The problem of business liability is that it is very difficult to determine who is at fault for criminal behavior in large organizations. I think that non-incorporated businesses have the same issues as corporations. In fact all large organizations have the same issue. That is also one reason that government officials are rarely charged. Of course there are laws that shield government employees, and government officials are often cronies of the prosecutors, so being part of large organizations aren’t the only reason for rare gov’t prosecutions.
Tom West
Jul 29 2014 at 12:05am
Just like people, corporations can kill without gross neglect. Many things simply have some danger, like shipping chemicals or making fireworks.
The question really becomes “without government, how do you prevent companies from performing hazardous tasks that do not have the assets to pay for possible judgements awarded against them?”
BMan
Jul 29 2014 at 1:16pm
While we are worrying about the piercing of corporate veils, ought we not take notice of the wall of sovereign immunity that surrounds the government actors in this story?

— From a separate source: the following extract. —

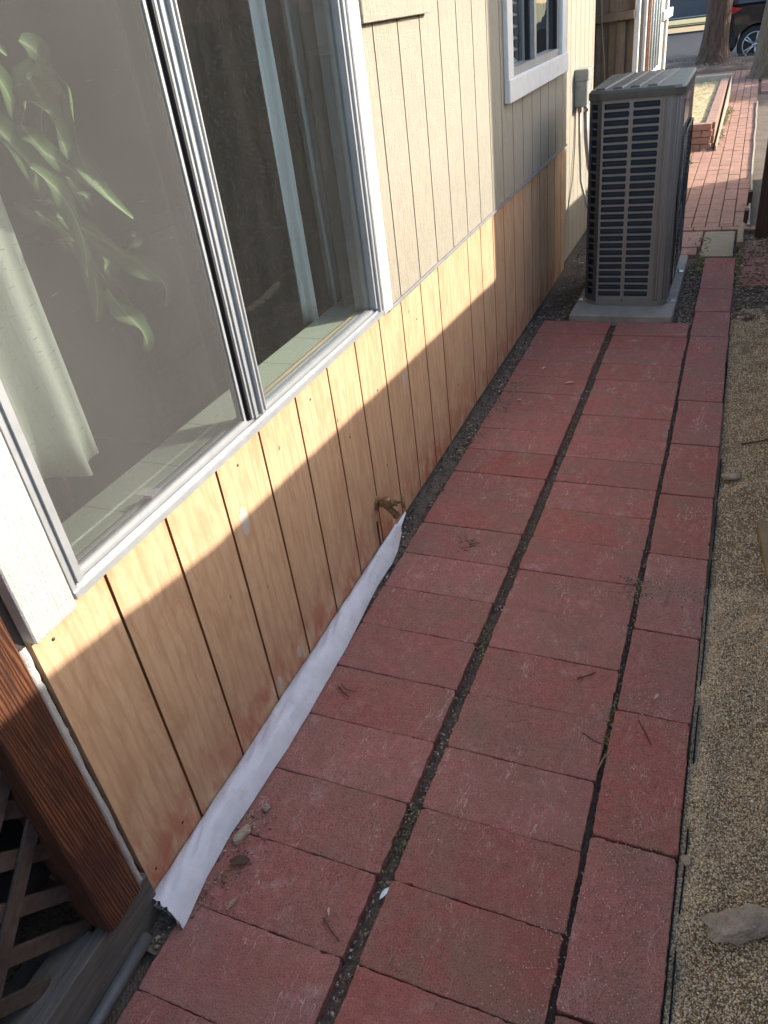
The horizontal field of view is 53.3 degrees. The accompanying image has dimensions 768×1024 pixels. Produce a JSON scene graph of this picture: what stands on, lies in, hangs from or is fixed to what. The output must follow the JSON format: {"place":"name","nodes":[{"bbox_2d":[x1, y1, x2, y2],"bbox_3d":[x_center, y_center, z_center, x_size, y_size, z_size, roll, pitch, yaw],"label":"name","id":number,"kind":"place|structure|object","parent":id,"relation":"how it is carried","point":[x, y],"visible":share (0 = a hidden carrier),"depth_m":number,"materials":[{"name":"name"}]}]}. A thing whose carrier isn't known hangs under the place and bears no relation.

The point of the post was that government intervention creates serious problems, which prompts more government intervention, which can make things even worse, even while the people causing the problem are immune.
In this case, government subsidies to the politically active agricultural-industrial complex caused massive quantities of ethanol to move by rail (it can’t move by pipeline), at great cost and risk to the general public. Then environmental restrictions on oil pipelines — perhaps aided and abetted by those same ethanol interests — forced oil to move increasingly by rail. As we keep piling on more and more government “solutions,” we need to ask whether all these cures might be worse than the disease.